The domain and range of a function `f(x)=(3)/(x)+1` are subsets of A and B respectively, where `A={-(1)/(2),0,(2)/(3),(6)/(7),1}` and `B={-5,0,4(1)/(2),5,5(1)/(2)}`. List the elements of the function as ordered pairs.

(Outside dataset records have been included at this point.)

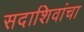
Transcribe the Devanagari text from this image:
सदाशिवांचा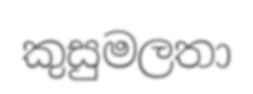
කුසුමලතා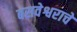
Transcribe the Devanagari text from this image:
बसवेश्वराचे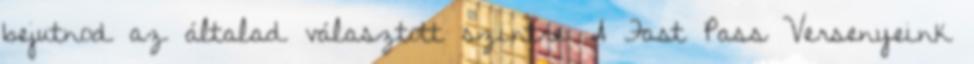
bejutnod az általad választott szintre A Fast Pass Versenyeink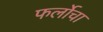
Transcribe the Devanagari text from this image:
फर्लोचा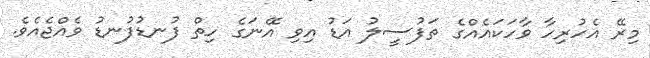
މިރޭ އެހުރިހާ ވާހަކައެއްގެ ތަފުސީލު އަޑު އިވި އޭނަގެ ހިތް ފުނޑުފުނޑު ވެއްޖެއެވެ.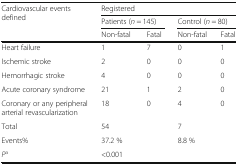
| <ROWSPAN=3> Cardiovascular events defined | <COLSPAN=4> Registered |
 | <COLSPAN=2> Patients (n = 145) | <COLSPAN=2> Control (n = 80) |
 | Non-fatal | Fatal | Non-fatal | Fatal |
 | --- | --- | --- | --- | --- |
 | Heart failure | 1 | 7 | 0 | 1 |
 | Ischemic stroke | 2 | 0 | 0 | 0 |
 | Hemorrhagic stroke | 4 | 0 | 0 | 0 |
 | Acute coronary syndrome | 21 | 1 | 2 | 0 |
 | Coronary or any peripheral arterial revascularization | 18 | 0 | 4 | 0 |
 | Total | <COLSPAN=2> 54 | <COLSPAN=2> 7 |
 | Events% | <COLSPAN=2> 37.2 % | <COLSPAN=2> 8.8 % |
 | Pa | <COLSPAN=4> <0.001 |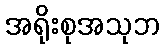
အရိုးစုအသုဘ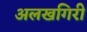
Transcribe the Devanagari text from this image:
अलखगिरी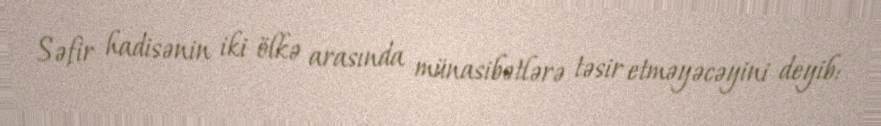
Səfir hadisənin iki ölkə arasında münasibətlərə təsir etməyəcəyini deyib: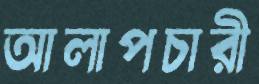
আলাপচারী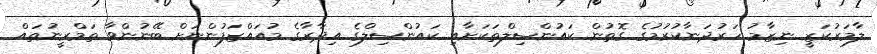
ލާމަރުކަޒީ ނިޒާމު ހަރުދަނާކުރުމުގެ ގޮތުން ކައުންސިލްތަކަށާއި ކައުންސިލްގެ އިދާރާގެ މުއައްޒަފުންނަށް ބޭނުންވާ ތަމްރީނުތައް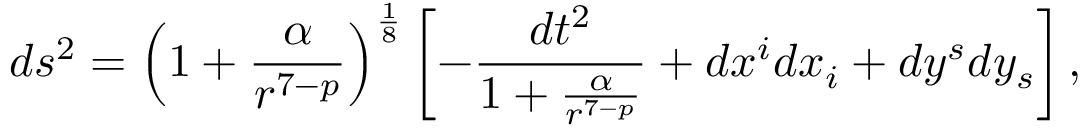
d s ^ { 2 } = \left( 1 + \frac { \alpha } { r ^ { 7 - p } } \right) ^ { \frac { 1 } { 8 } } \left[ - \frac { d t ^ { 2 } } { 1 + \frac { \alpha } { r ^ { 7 - p } } } + d x ^ { i } d x _ { i } + d y ^ { s } d y _ { s } \right] ,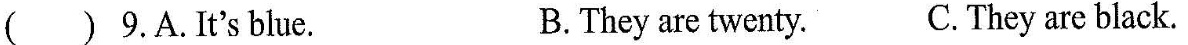
( ) 9.A.It's blue. B. They are twenty. C. They are black.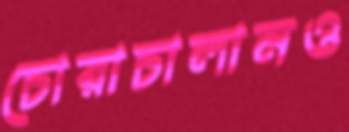
চোরাচালানও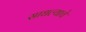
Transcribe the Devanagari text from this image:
साधल्याचे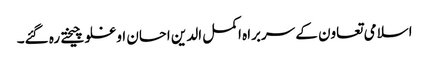
اسلامی تعاون کے سربراہ اکمل الدین احسان اوغلو چیختے رہ گئے۔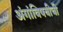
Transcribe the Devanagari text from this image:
अंगांविषयीची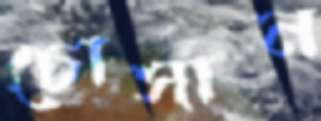
চোসান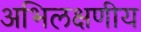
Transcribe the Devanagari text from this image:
अभिलक्षणीय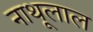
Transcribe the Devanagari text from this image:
नाथूलाल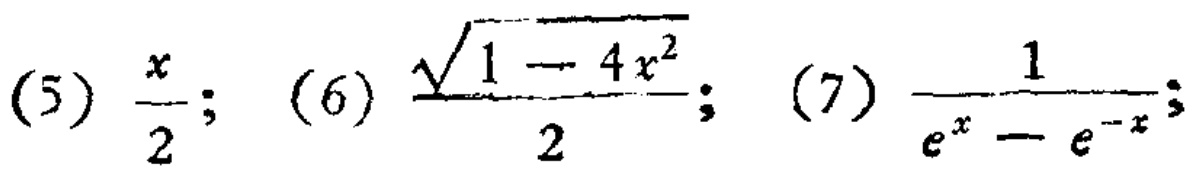
(5) \(\frac{x}{2}\); (6) \(\frac{\sqrt{1 - 4x^{2}}}{2}\); (7) \(\frac{1}{e^{x} - e^{-x}}\);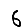
Digit: 6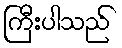
ကြီးပါသည်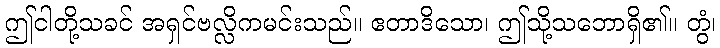
ဤငါတို့သခင် အရှင်ဗလ္လိကမင်းသည်။ ဧတာဒိသော၊ ဤသို့သဘောရှိ၏။ တွံ၊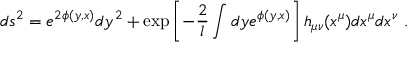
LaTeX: d s ^ { 2 } = e ^ { 2 \phi ( y , x ) } d y ^ { 2 } + \exp \left[ - { \frac { 2 } { l } } \int d y e ^ { \phi ( y , x ) } \right] h _ { \mu \nu } ( x ^ { \mu } ) d x ^ { \mu } d x ^ { \nu } \ .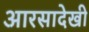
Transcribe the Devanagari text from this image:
आरसादेखी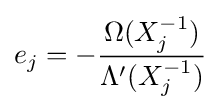
e_{j}=-{\frac {\Omega (X_{j}^{-1})}{\Lambda '(X_{j}^{-1})}}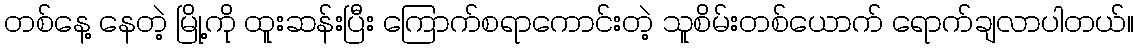
တစ်နေ့ နေတဲ့ မြို့ကို ထူးဆန်းပြီး ကြောက်စရာကောင်းတဲ့ သူစိမ်းတစ်ယောက် ရောက်ချလာပါတယ်။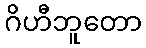
ဂိဟီဘူတော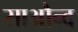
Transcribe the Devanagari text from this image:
साऔन्द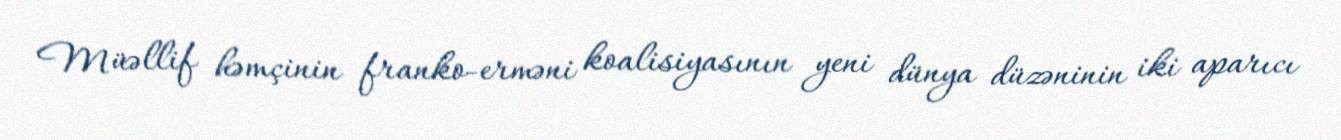
Müəllif həmçinin franko-erməni koalisiyasının yeni dünya düzəninin iki aparıcı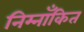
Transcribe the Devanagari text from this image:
निम्नाँकित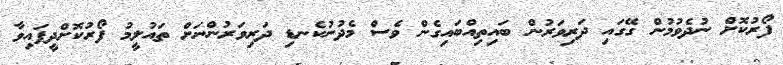
ފޯރުކޮށް ނުދެވުމުން ގޭގައި ދަރިވަރުން ބައިތިއްބައިގެން ވެސް މެދުނުކެނޑި ދަރިވަރުންނަށް ތައުލީމު ފޯރުކޮށްދީފައިވާ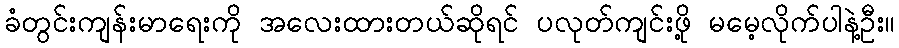
ခံတွင်းကျန်းမာရေးကို အလေးထားတယ်ဆိုရင် ပလုတ်ကျင်းဖို့ မမေ့လိုက်ပါနဲ့ဦး။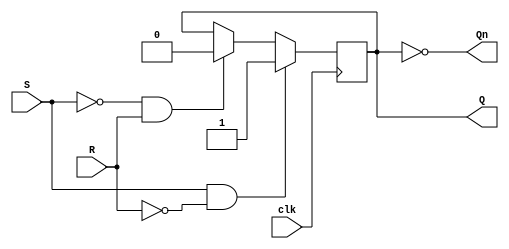
module sr_flipflop(
    input wire clk,
    input wire S,
    input wire R,
    output reg Q,
    output reg Qn
);

assign Qn = ~Q;

always @(posedge clk) begin
    if (S & !R) begin
        Q <= 1'b1;
    end else if (!S & R) begin
        Q <= 1'b0;
    end
end

endmodule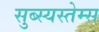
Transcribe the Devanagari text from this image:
सुब्स्यस्तेम्स
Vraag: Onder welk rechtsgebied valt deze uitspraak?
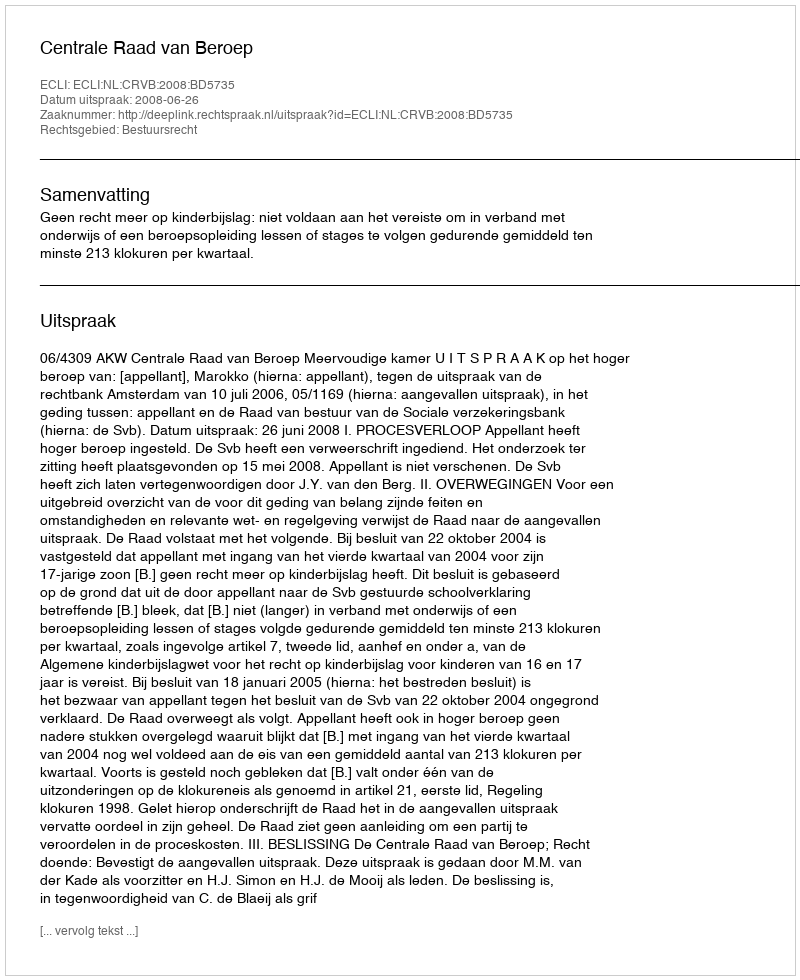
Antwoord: Bestuursrecht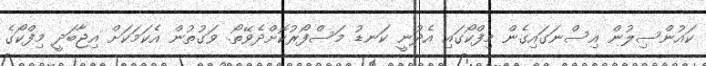
ކައުންސިލުން އިސްނަގައިގެން މިފްކޯގައި އެދުނީ ކަނޑު މަސްފޯރުކޮށްދެވޭތޯ. ވަގުތުން އެކަމަކަށް އިޖާބަދީ މިފްކޯގެ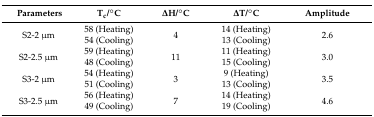
<table><thead><tr><td><b> Parameters</b></td><td><b>T<sub>c</sub>/°C</b></td><td><b>ΔH/°C</b></td><td><b>ΔT/°C</b></td><td><b>Amplitude</b></td></tr></thead><tbody><tr><td rowspan="2">S2-2 μm</td><td>58 (Heating)</td><td rowspan="2">4</td><td>14 (Heating)</td><td rowspan="2">2.6</td></tr><tr><td>54 (Cooling)</td><td>13 (Cooling)</td></tr><tr><td rowspan="2">S2-2.5 μm</td><td>59 (Heating)</td><td rowspan="2">11</td><td>11 (Heating)</td><td rowspan="2">3.0</td></tr><tr><td>48 (Cooling)</td><td>15 (Cooling)</td></tr><tr><td rowspan="2">S3-2 μm</td><td>54 (Heating)</td><td rowspan="2">3</td><td>9 (Heating)</td><td rowspan="2">3.5</td></tr><tr><td>51 (Cooling)</td><td>13 (Cooling)</td></tr><tr><td rowspan="2">S3-2.5 μm</td><td>56 (Heating)</td><td rowspan="2">7</td><td>14 (Heating)</td><td rowspan="2">4.6</td></tr><tr><td>49 (Cooling)</td><td>19 (Cooling)</td></tr></tbody></table>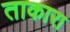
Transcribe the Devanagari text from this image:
ताकारा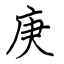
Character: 庚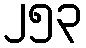
၂၅၃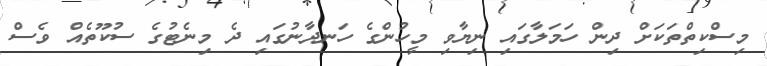
މިސްކިތްތަކަށް ދިން ހަމަލާގައި ނިޔާވި މީހުންގެ ހަނދާނުގައި ދެ މިނެޓުގެ ސުކޫތެއް ވެސް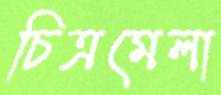
চিত্রমেলা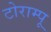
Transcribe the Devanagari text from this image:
टोराम्पू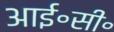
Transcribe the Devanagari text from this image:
आई॰सी॰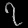
Digit: ၇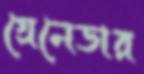
গ্রেনেডার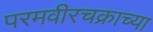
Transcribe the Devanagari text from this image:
परमवीरचक्राच्या
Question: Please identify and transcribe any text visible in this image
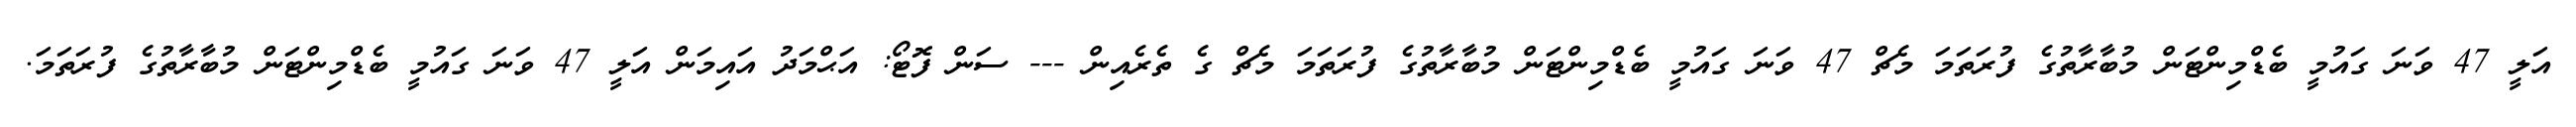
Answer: އަލީ 47 ވަނަ ގައުމީ ބެޑްމިންޓަން މުބާރާތުގެ ފުރަތަމަ މެޗް 47 ވަނަ ގައުމީ ބެޑްމިންޓަން މުބާރާތުގެ ފުރަތަމަ މެޗް ގެ ތެރެއިން --- ސަން ފޮޓޯ: އަޙްމަދު އައިމަން އަލީ 47 ވަނަ ގައުމީ ބެޑްމިންޓަން މުބާރާތުގެ ފުރަތަމަ.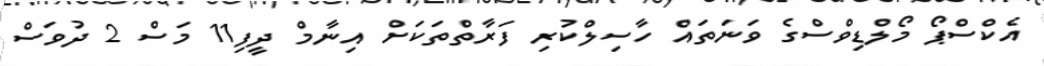
އެކްސްޕޯ މޯލްޑިވްސްގެ ވަނަތައް ހާސިލްކުރި ފަރާތްތަކަަށް އިނާމް ދީފި11 މަސް 2 ދުވަސް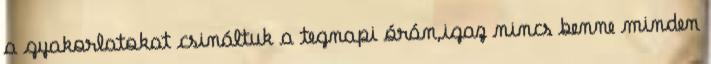
a gyakorlatokat csináltuk a tegnapi órán,igaz nincs benne minden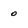
Character: 0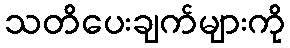
သတိပေးချက်များကို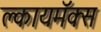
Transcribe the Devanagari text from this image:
क्लायमॅक्स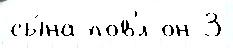
сы́на пов'́л он 3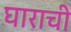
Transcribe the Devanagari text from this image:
घाराची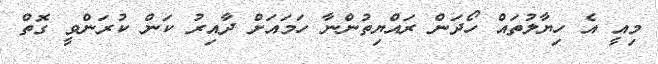
މިއީ އެ ހިޔާލުތައް ހޯދަން ރައްޔިތުންނާ ހަމައަށް ދާއިރު ކަން ކުރަންވީ ގޮތް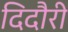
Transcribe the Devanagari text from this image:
दिदौरी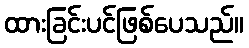
ထားခြင်းပင်ဖြစ်ပေသည်။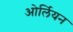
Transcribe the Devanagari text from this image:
ओर्लियन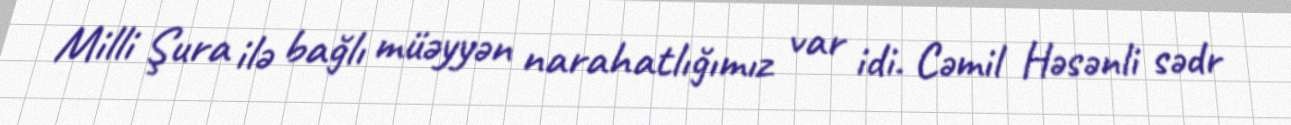
Milli Şura ilə bağlı müəyyən narahatlığımız var idi. Cəmil Həsənli sədr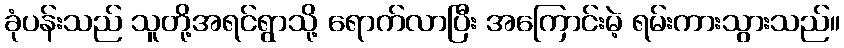
ခုံပန်းသည် သူတို့အရင်ရွာသို့ ရောက်လာပြီး အကြောင်းမဲ့ ရမ်းကားသွားသည်။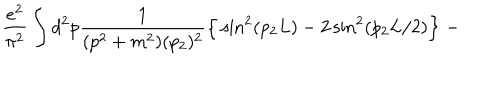
\frac { e ^ { 2 } } { \pi ^ { 2 } } \int d ^ { 2 } p \frac { 1 } { ( p ^ { 2 } + m ^ { 2 } ) ( p _ { 2 } ) ^ { 2 } } \Big \{ \sin ^ { 2 } ( p _ { 2 } L ) - 2 \sin ^ { 2 } ( p _ { 2 } L / 2 ) \Big \} \; -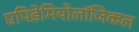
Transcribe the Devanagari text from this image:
एपिडेमियोलॉजिकल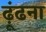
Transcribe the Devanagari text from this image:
ढ़ूंढना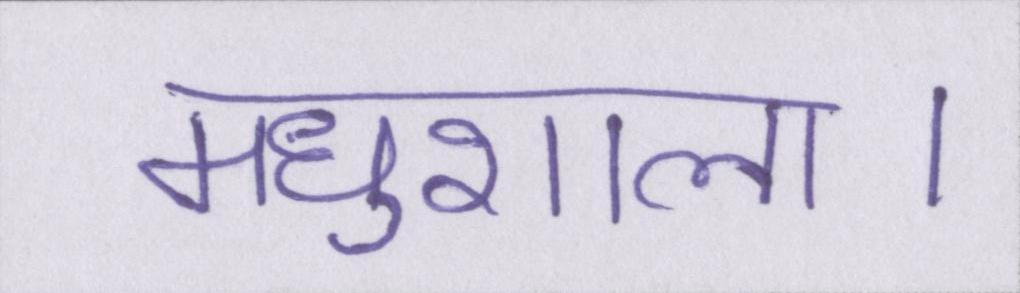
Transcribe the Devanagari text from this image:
मधुशाला।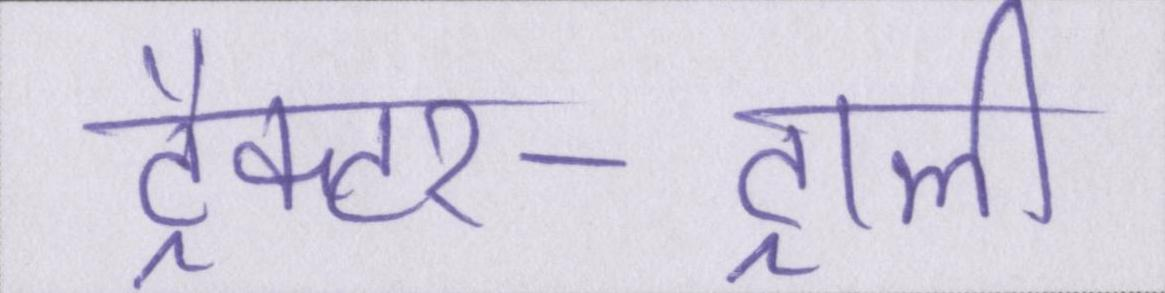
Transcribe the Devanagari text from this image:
ट्रैक्टर-ट्राली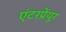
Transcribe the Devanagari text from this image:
एंटरप्रेंयूर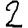
Digit: 2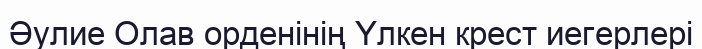
Әулие Олав орденінің Үлкен крест иегерлері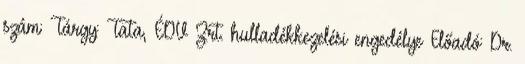
szám: Tárgy: Tata, ÉDV Zrt. hulladékkezelési engedélye Előadó: Dr.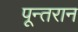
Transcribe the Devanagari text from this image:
पून्तरान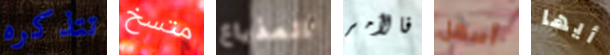
تتذكره متسخ المذياع فالأمر أسهل أيها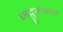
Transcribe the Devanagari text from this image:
सद्गुरुभ्यो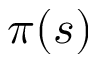
\pi ( s )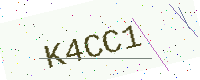
Text: K4CC1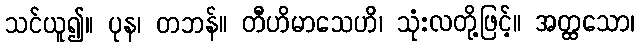
သင်ယူ၍။ ပုန၊ တဘန်။ တီဟိမာသေဟိ၊ သုံးလတို့ဖြင့်။ အတ္ထသော၊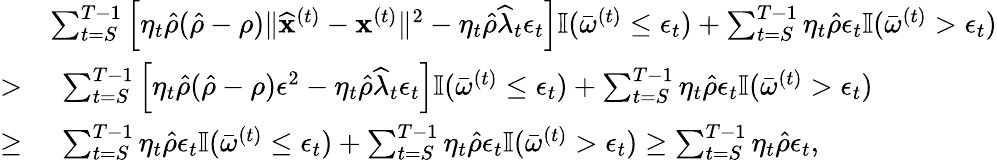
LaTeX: \begin{array}{rl}&{\sum_{t=S}^{T-1}\left[\eta_{t}\hat{\rho}(\hat{\rho}-\rho)\| \widehat{\mathbf x}^{(t)}-{\mathbf x}^{(t)}\| ^{2}-\eta_{t}\hat{\rho}\widehat\lambda_{t}\epsilon_{t}\right]\mathbb{I}(\bar{\omega}^{(t)}\leq\epsilon_{t})+\sum_{t=S}^{T-1}\eta_{t}\hat{\rho}\epsilon_{t}\mathbb{I}(\bar{\omega}^{(t)}>\epsilon_{t})}\\ {>}&{~\sum_{t=S}^{T-1}\left[\eta_{t}\hat{\rho}(\hat{\rho}-\rho)\epsilon^{2}-\eta_{t}\hat{\rho}\widehat\lambda_{t}\epsilon_{t}\right]\mathbb{I}(\bar{\omega}^{(t)}\leq\epsilon_{t})+\sum_{t=S}^{T-1}\eta_{t}\hat{\rho}\epsilon_{t}\mathbb{I}(\bar{\omega}^{(t)}>\epsilon_{t})}\\ {\geq}&{~\sum_{t=S}^{T-1}\eta_{t}\hat{\rho}\epsilon_{t}\mathbb{I}(\bar{\omega}^{(t)}\leq\epsilon_{t})+\sum_{t=S}^{T-1}\eta_{t}\hat{\rho}\epsilon_{t}\mathbb{I}(\bar{\omega}^{(t)}>\epsilon_{t})\geq\sum_{t=S}^{T-1}\eta_{t}\hat{\rho}\epsilon_{t},}\end{array}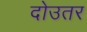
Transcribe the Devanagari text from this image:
दोउतर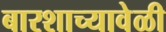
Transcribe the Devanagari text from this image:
बारशाच्यावेळी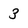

To solve the problem, we need to evaluate the function \( f(x) = \frac{3}{x} + 1 \) at the elements of the domain \( A \) and check if the resulting values are in the range \( B \). The steps are as follows: ### Step 1: Identify the Domain and Range The domain \( A \) is given as: \[ A = \left\{ -\frac{1}{2}, 0, \frac{2}{3}, \frac{6}{7}, 1 \right\} \] The range \( B \) is given as: \[ B = \left\{ -5, 0, 4\frac{1}{2}, 5, 5\frac{1}{2} \right\} \] ### Step 2: Evaluate \( f(x) \) at Each Element of the Domain 1. **For \( x = -\frac{1}{2} \)**: \[ f\left(-\frac{1}{2}\right) = \frac{3}{-\frac{1}{2}} + 1 = -6 + 1 = -5 \] Ordered pair: \( \left(-\frac{1}{2}, -5\right) \) 2. **For \( x = 0 \)**: \[ f(0) = \frac{3}{0} + 1 \text{ (undefined)} \] \( 0 \) is not in the domain. 3. **For \( x = \frac{2}{3} \)**: \[ f\left(\frac{2}{3}\right) = \frac{3}{\frac{2}{3}} + 1 = \frac{3 \cdot 3}{2} + 1 = \frac{9}{2} + 1 = \frac{9}{2} + \frac{2}{2} = \frac{11}{2} \] This can be written as \( 5\frac{1}{2} \). Ordered pair: \( \left(\frac{2}{3}, 5\frac{1}{2}\right) \) 4. **For \( x = \frac{6}{7} \)**: \[ f\left(\frac{6}{7}\right) = \frac{3}{\frac{6}{7}} + 1 = \frac{3 \cdot 7}{6} + 1 = \frac{21}{6} + 1 = \frac{21}{6} + \frac{6}{6} = \frac{27}{6} = \frac{9}{2} \] This can be written as \( 4\frac{1}{2} \). Ordered pair: \( \left(\frac{6}{7}, 4\frac{1}{2}\right) \) 5. **For \( x = 1 \)**: \[ f(1) = \frac{3}{1} + 1 = 3 + 1 = 4 \] \( 4 \) is not in the range \( B \). ### Step 3: Compile the Ordered Pairs The valid ordered pairs from the evaluations are: 1. \( \left(-\frac{1}{2}, -5\right) \) 2. \( \left(\frac{2}{3}, 5\frac{1}{2}\right) \) 3. \( \left(\frac{6}{7}, 4\frac{1}{2}\right) \) ### Final Answer The elements of the function as ordered pairs are: \[ \left\{ \left(-\frac{1}{2}, -5\right), \left(\frac{2}{3}, 5\frac{1}{2}\right), \left(\frac{6}{7}, 4\frac{1}{2}\right) \right\} \]